Stephen Lee Bruner (born October 19, 1984), better known by his stage name Thundercat, is an American bassist, singer, producer, and songwriter from Los Angeles. First coming to prominence as a member of crossover thrash band Suicidal Tendencies, he has since released four solo studio albums and is noted for his work with producer Flying Lotus and his appearances on Kendrick Lamar's 2015 album To Pimp a Butterfly. In 2016, Thundercat won a Grammy for Best Rap/Sung Performance for his work on the track "These Walls" from To Pimp a Butterfly. In 2020, Thundercat released his fourth studio album, It Is What It Is, which earned him a Grammy Award for Best Progressive R&B Album.

Early life
Raised in Compton and other parts of Los Angeles, Bruner was born into a family of musicians, including his father Ronald Bruner Sr., a drummer, and his mother Pam, a flutist and percussionist. His father played drums for The Temptations, The Supremes, and Gladys Knight, amongst others. After Bruner Sr. got sober from cocaine, the children would watch him play gigs at the Crenshaw Christian Center. Bruner attended Locke High School, playing in the school's jazz band. His teacher, Reggie Andrews, produced and co-wrote the Dazz Band's 1982 single "Let It Whip" and collaborated with Rick James. Andrews re-introduced Bruner to Kamasi Washington, who originally met as children through their fathers' membership in a gospel fusion band. The reunited duo would sneak into jazz concerts, driving around in a worn-down 1982 Ford Mustang to do so. They would later get to play the same venues as the performers they watched. They also did sessions with Bruner's cousin Terrace Martin in Washington's father's garage during this time.

Career
Bruner began playing the bass at an early age, listening to bass players such as Stanley Clarke and Marcus Miller for inspiration. By the age of 15, he had a minor hit in Germany as a member of the boy band No Curfew. A year later, he joined his brother Ronald Jr. as a member of the Los Angeles crossover thrash band Suicidal Tendencies, replacing former bass player Josh Paul. Bruner's earliest studio album appearances include playing electric bass on Kamasi Washington's Live at 5th Street Dick's and The Proclamation. 

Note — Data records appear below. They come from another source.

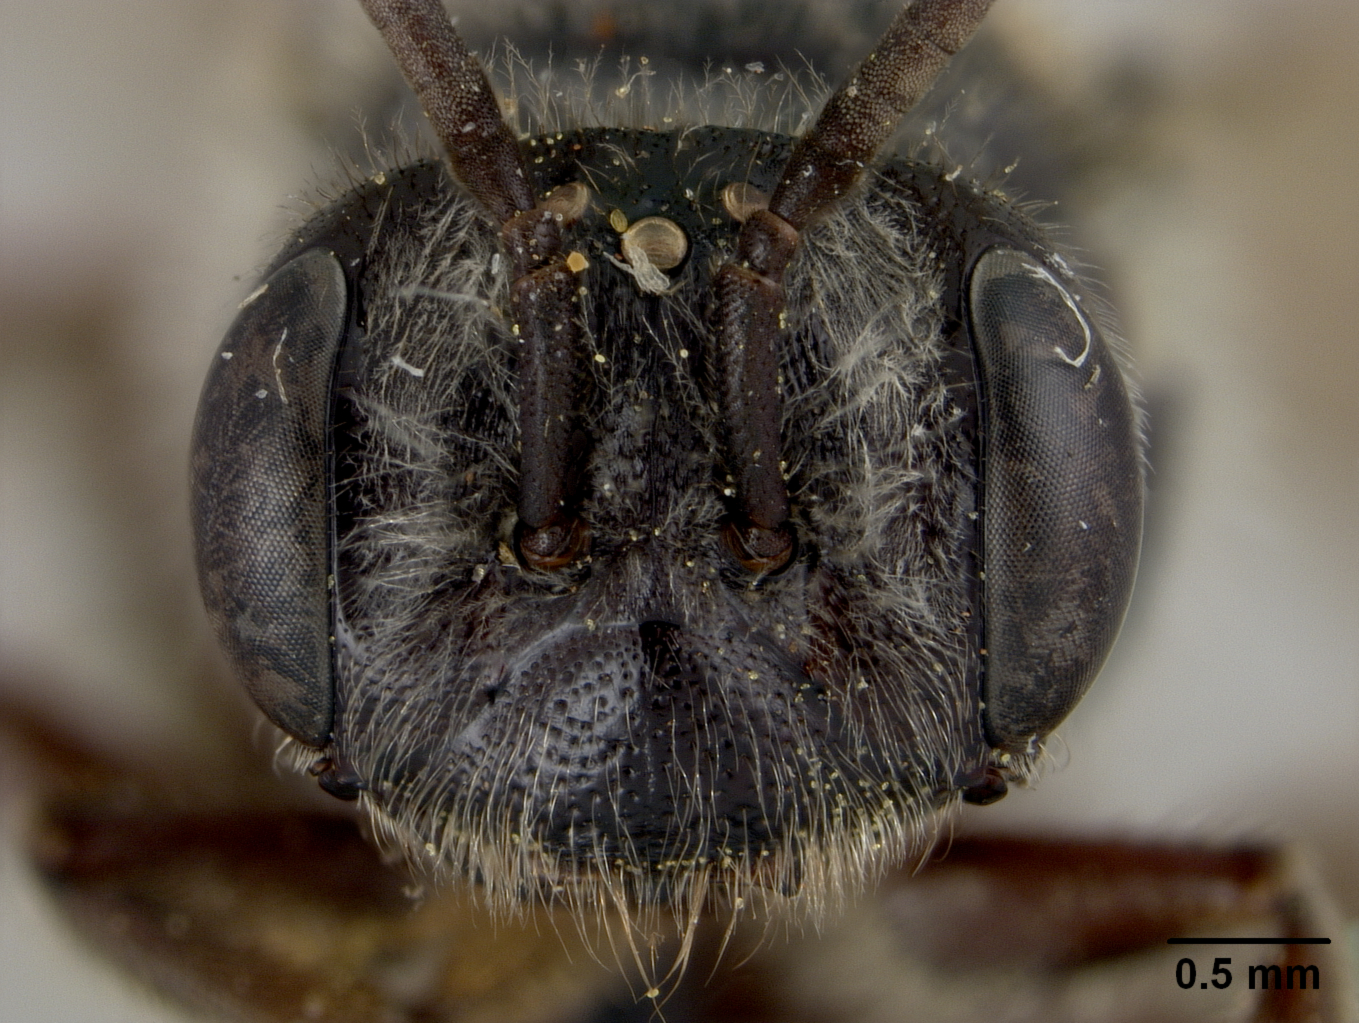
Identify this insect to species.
Andrena mendica
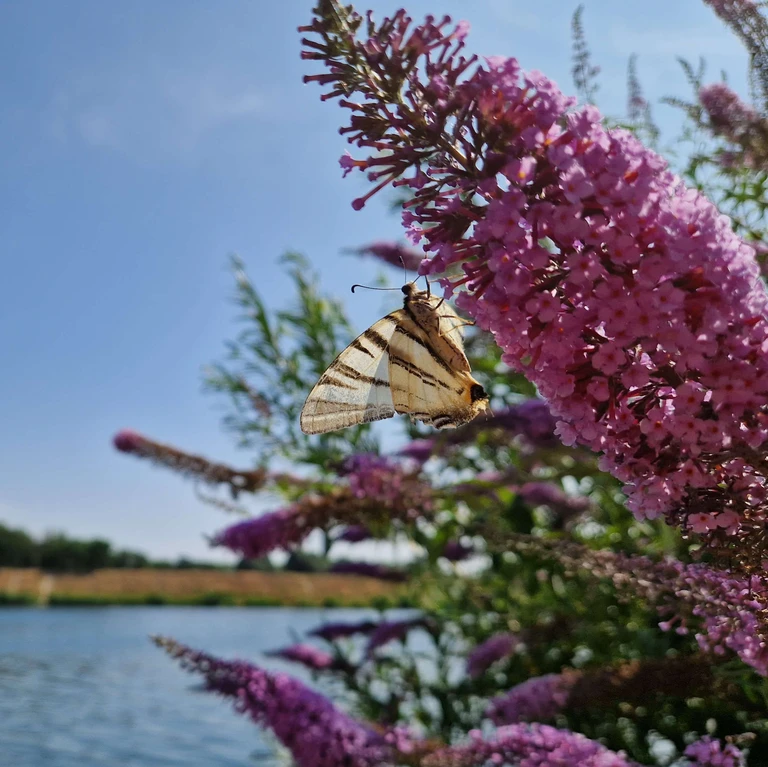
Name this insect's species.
Iphiclides podalirius
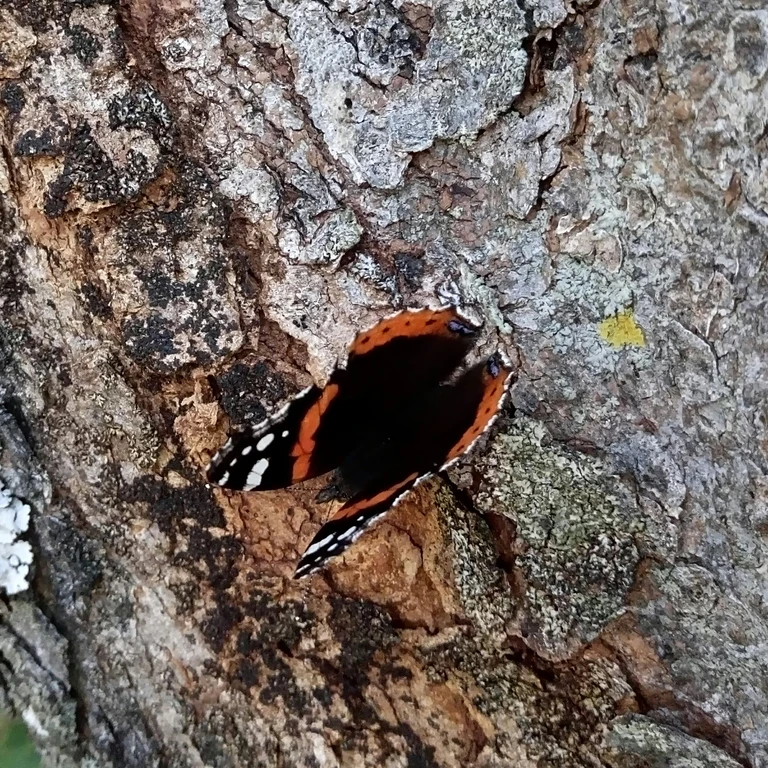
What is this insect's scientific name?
Vanessa atalanta
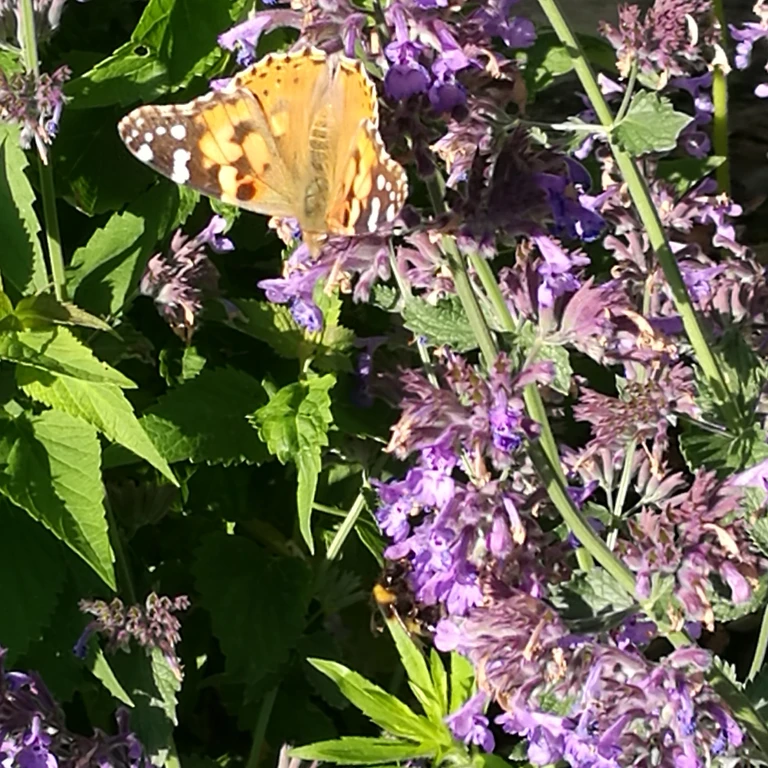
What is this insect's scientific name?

Erykah Badu was credited with helping Bruner find his stage presence and identity as Thundercat. Around this time, Bruner would play in live bands for Raphael Saadiq and Snoop Dogg, and both would make quips about his playing style. Bruner credited Flying Lotus with pushing him to start singing and making his own projects. 

He released his first solo album in 2011, The Golden Age of Apocalypse, which featured production from Flying Lotus, and was influenced by 1970s fusion artists such as Stanley Clarke and George Duke, who his brother also later toured with. The next two years saw a return to the recording studio with fellow Brainfeeder artist Flying Lotus, with contributions to Flying Lotus' Until the Quiet Comes (2012) and You're Dead! (2014), and the release of Thundercat's second album Apocalypse (2013).

Collaborations 
In 2004, Bruner collaborated with Kamasi Washington, as well as Cameron Graves and Ronald Jr., under the name The Young Jazz Giants. The group later united with Terrace Martin and five other Los Angeles jazz musicians to form the West Coast Get Down collective, with whom they recorded several albums.

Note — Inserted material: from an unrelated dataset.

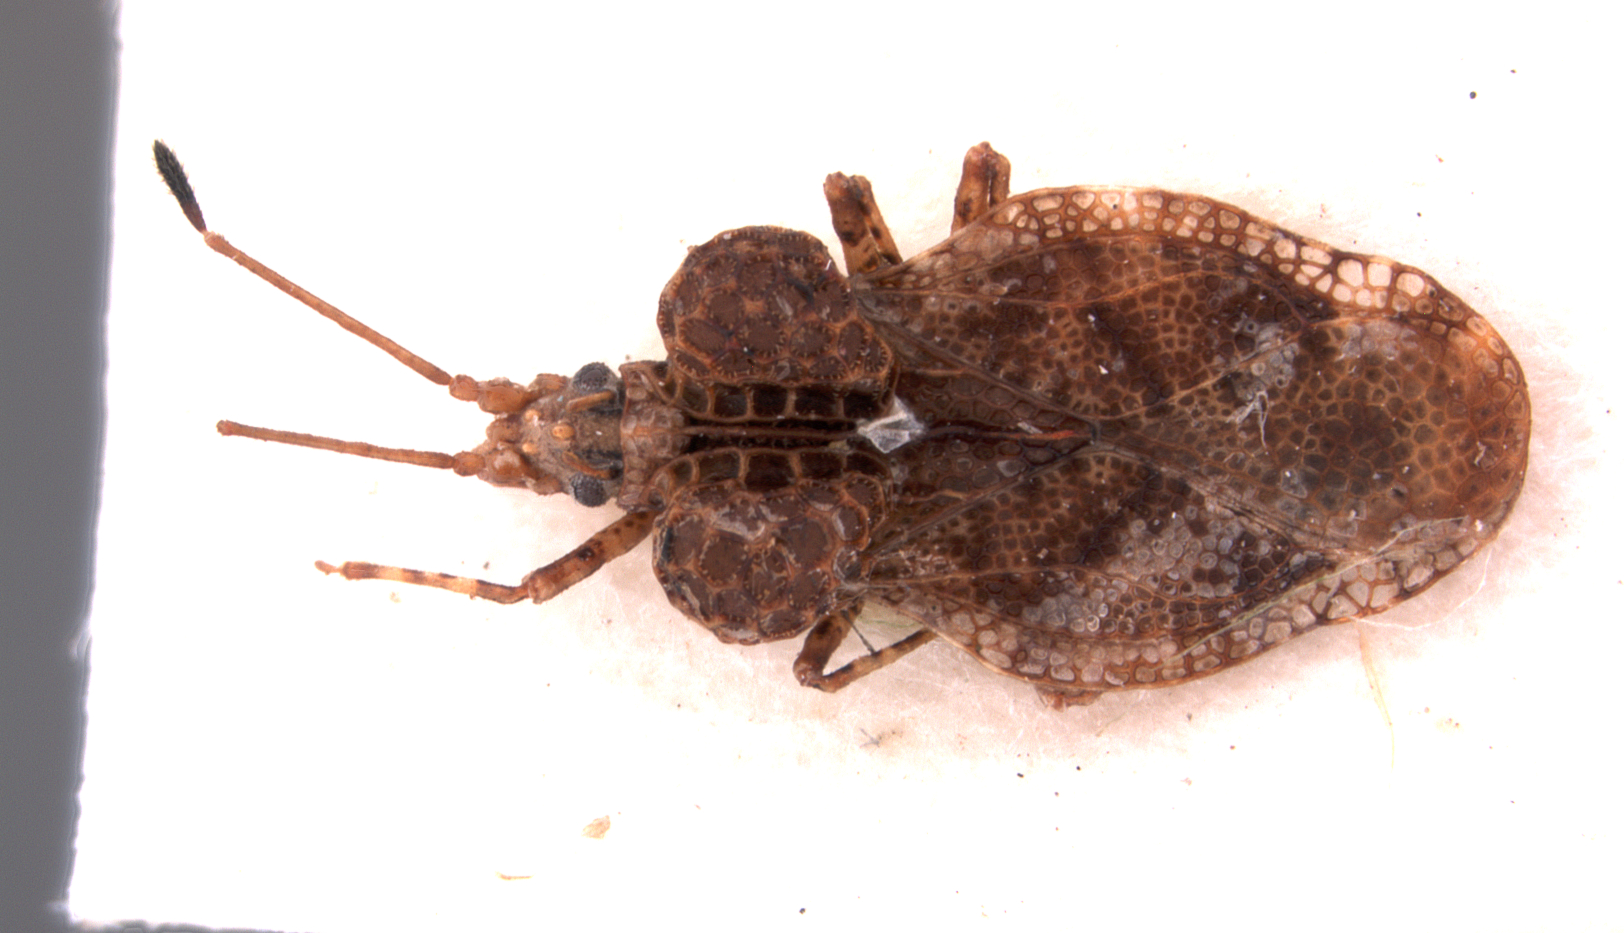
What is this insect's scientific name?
Dictyotingis monticula

Along with his band duties, Bruner is also a session musician, acclaimed for his work on Erykah Badu's New Amerykah (2008) and Flying Lotus' Cosmogramma (2010). 

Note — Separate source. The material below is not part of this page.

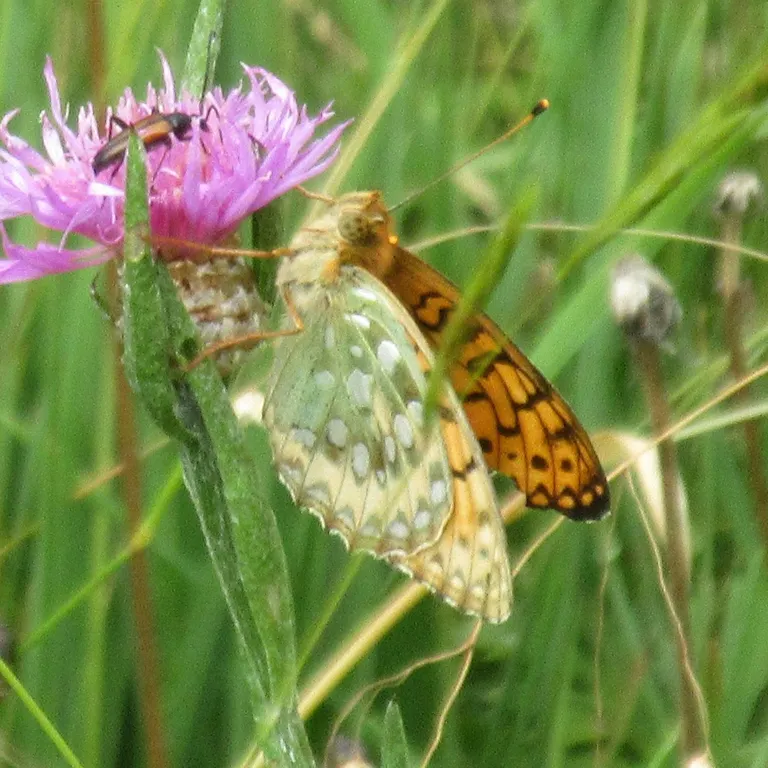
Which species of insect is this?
Speyeria aglaja
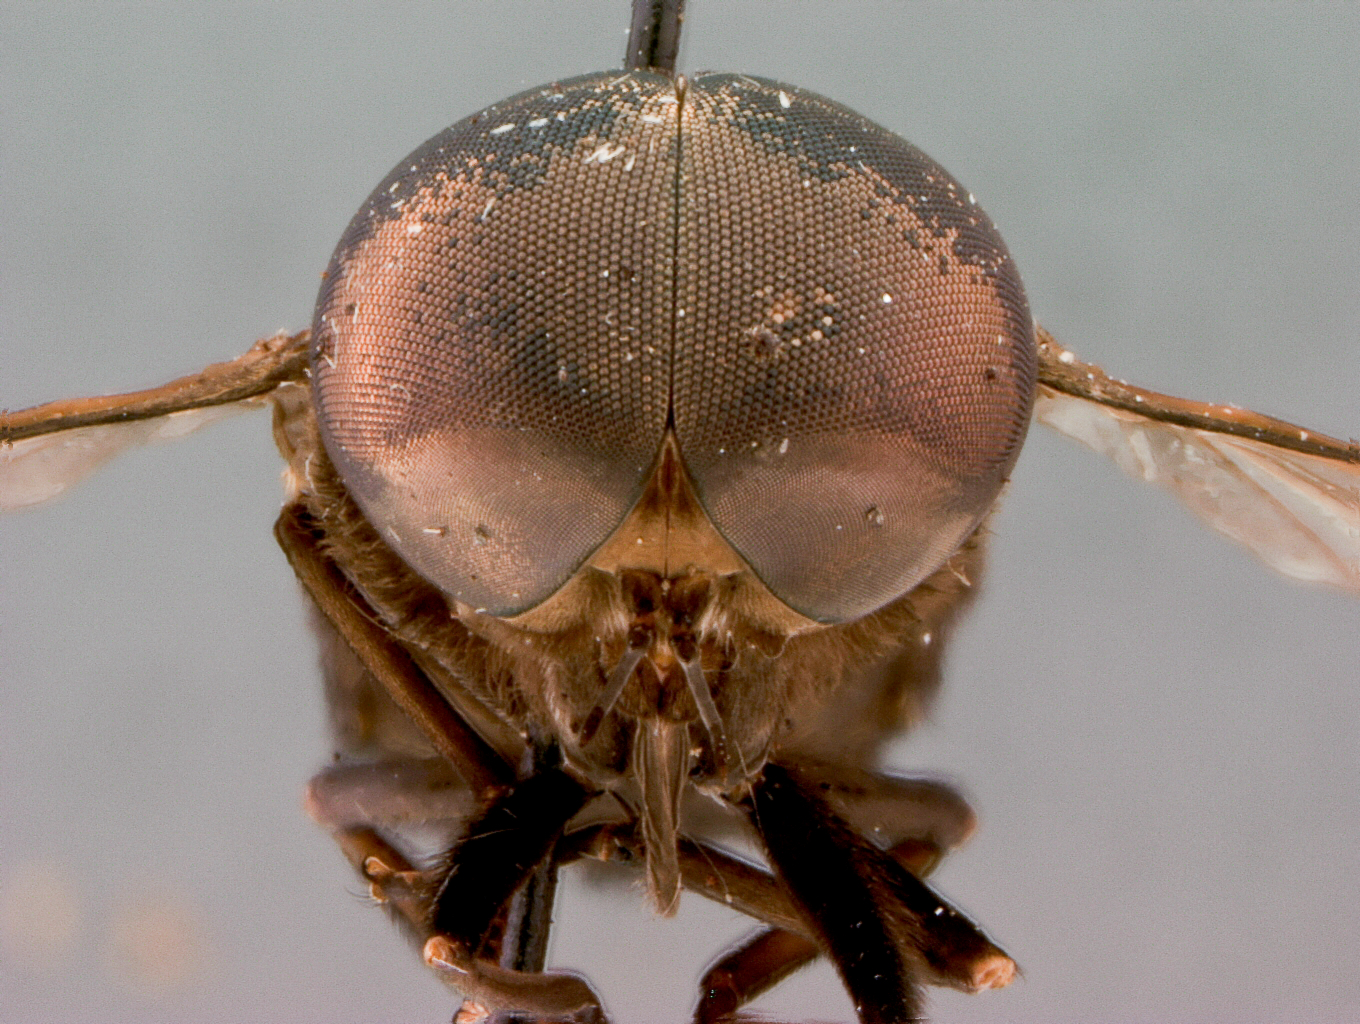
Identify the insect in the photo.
Tabanus pellus

Bruner was a major contributor to Kendrick Lamar's critically acclaimed album To Pimp a Butterfly in 2015, and has been described as being "at the creative epicenter" of the project. Longtime Thundercat collaborators Flying Lotus, Kamasi Washington, and Terrace Martin were also major contributors to the album.

Bruner was a frequent collaborator on Mac Miller's tracks. On August 6, 2018, Bruner played bass during Miller's Tiny Desk Concert, during which the two played their collaborative track, "What's the Use?" 

In 2022, he collaborated with virtual band Gorillaz on their single "Cracker Island", the first single and title track for their upcoming album of the same name. The song was released on April 30, 2022.

Solo albums

The Beyond / Where the Giants Roam 

On June 22, 2015, Thundercat released The Beyond / Where the Giants Roam EP, which was developed during the production of To Pimp a Butterfly. The EP includes tributes to his friend and collaborator Austin Peralta, a jazz pianist who was signed to Brainfeeder before his death in 2012. The EP also includes a feature from Herbie Hancock and was the first appearance of "Them Changes".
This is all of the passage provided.